Больше всего Гуаяра любил одиночество. Одиночество домашнее, одиночество лесное, одиночество на Большой Соленой Воде. Конечно, приятнее всего отправиться на ночной лов без единого спутника и всласть нагуляться в бурном море. Но об этом нечего было и думать. На такой волне и троим, пожалуй, не управиться с неводом и гребками. Волей-неволей великий жрец должен был взять с собой в поход двух помощников. Выбор пал на Ягуа и младшего внука Гуакана, вероятно одного из немногих юнцов с неповрежденным плечом. Ведь Гуаканов род не присутствовал позавчера перед домом вождя.
Все трое пришли в Бухту Тишины засветло. Осмотрели каноэ, починили невод. И на закате вышли в море.
Гуаяра направил свое судно левым бортом к ветру. Он знал: надо миновать те рифы, что стерегут Остров Людей у его полдневной стороны, а затем в струе довольно быстрого течения направиться в открытое море и идти сперва на полдень, а затем на восход.
Луна взошла довольно поздно, и первое время рыболовы гребли в темноте. Мгла держалась на море, но высокое и чистое небо сияло звездным светом. Течение и руки гребцов делали свое дело. Каноэ неуклонно подвигалось к юго-востоку.
Закинув невод, не выловили ничего. Закинули снова. Стали тянуть, и сеть подалась сразу с подозрительной легкостью.
— О Мабуйя, — простонал Гуаяра. — Сеть прохудилась! Надо чинить. Нужен огонь!
Гуаяра протянул младшему внуку «огненные палочки». Гуаяра извлек из-под сетей смолистую ветку (в запасе у него была еще одна) и сунул ее внуку.
Весело затрещал огонь, но Ягуа неловко сработал гребком и подставил каноэ лагом к волне. Толчок. Факел выпал из рук внука.

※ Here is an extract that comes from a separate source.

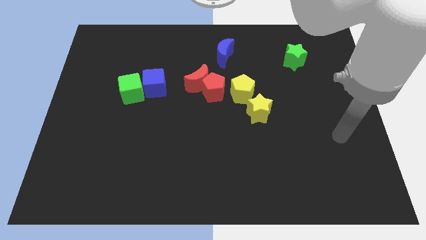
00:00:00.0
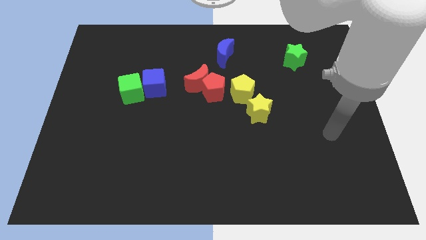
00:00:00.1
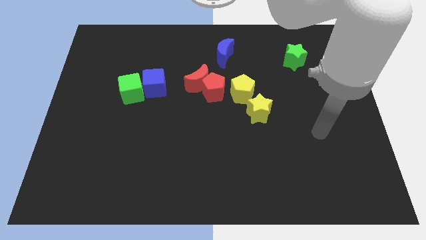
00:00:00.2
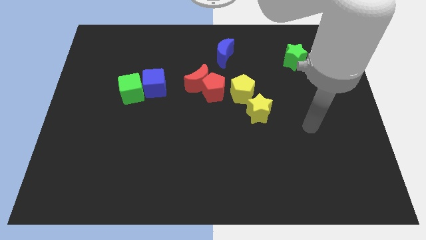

Гуаяра запалил вторую ветвь, но в спешке поскользнулся и уронил ее в воду.
Дважды вспыхнул свет в темном море. И дважды погас. Счастливые часов не наблюдают, да и не было их у аборигенов еще не открытого Нового Света. И кто знает, в десять ли часов вечера или чуть раньше пошли ко дну факелы Гуаяры.
Эти ли вспышки видели на «Санта-Марии»? Возможно. И в таком случае огни с каноэ великого жреца указали адмиралу моря-океана путь к первой земле «Индий»…
Гуаяра чинил невод в темноте. Его ловкие пальцы без труда нашли и заделали прореху, рыба очертя голову кинулась в невод. Час бежал за часом; когда рыболовам везет, времени они не замечают. Уже давно зашла луна, уже погасли в небе звезды, а макрель косяками рвалась в сети.
Выбирать невод было легко, теперь каноэ мчалось, гонимое попутными ветрами, к гуанаханийским берегам, и четыре руки заняты были неводом и только две — рулевым веслом. В прозрачной рассветной дымке всплыли белые скалы у Бухты Тишины.
Ягуа стоял спиной к берегу, в последний раз заводя счастливые сети. И в стороне восхода он увидел Колумбовы корабли.
Три немыслимых, невиданных, стремительно быстрых каноэ неслись на серебряных крыльях к Острову Людей. Над ними розовела утренняя заря.
Ягуа протер глаза. Нет, волшебное видение не исчезло — белокрылые шли к берегу.
Он резко толкнул плечом великого жреца, Гуаяра обернулся и побледнел как смерть.
— О Мабуйя, — невнятно прошептал он, — пророк ошибся!
День «Икс» наступил.
ДЕНЬ «ИКС»
«Первому острову из тех, что я открыл, я дал имя Сан-Сальвадор в память всевышнего, чудесным образом все это даровавшего; индейцы же называют этот остров Гуанахани…
… После того как они (индейцы) успокаивались и страх исчезал, они становились доверчивыми и с такой щедростью дарили все им принадлежащее, что, кто этого не видел, вряд ли тому поверит. Если у них попросить какую-нибудь вещь, они никогда не откажутся ее отдать. Напротив, они сами предлагают ее, и притом с таким радушием, что кажется, будто они дарят свои сердца».
Высадка
Пятница, 12 октября. В пятницу достигли одного из Лукайских островов, который на языке индейцев назывался Гуанахани. Тут же увидели нагих людей. И адмирал, и Мартин Алонсо. Пинсон, и Висенте Яньес, его брат, капитан «Ниньи», с оружием съехали на берег на лодке. Адмирал захватил с собой королевский стяг, капитаны — два знамени с зелеными крестами. А знамена эти адмирал держал как вымпелы на всех кораблях, и на них были буквы «F» и «У» — инициалы короля Фердинанда и королевы Изабеллы, и под каждой буквой помещены были короны, одна слева, другая справа от креста).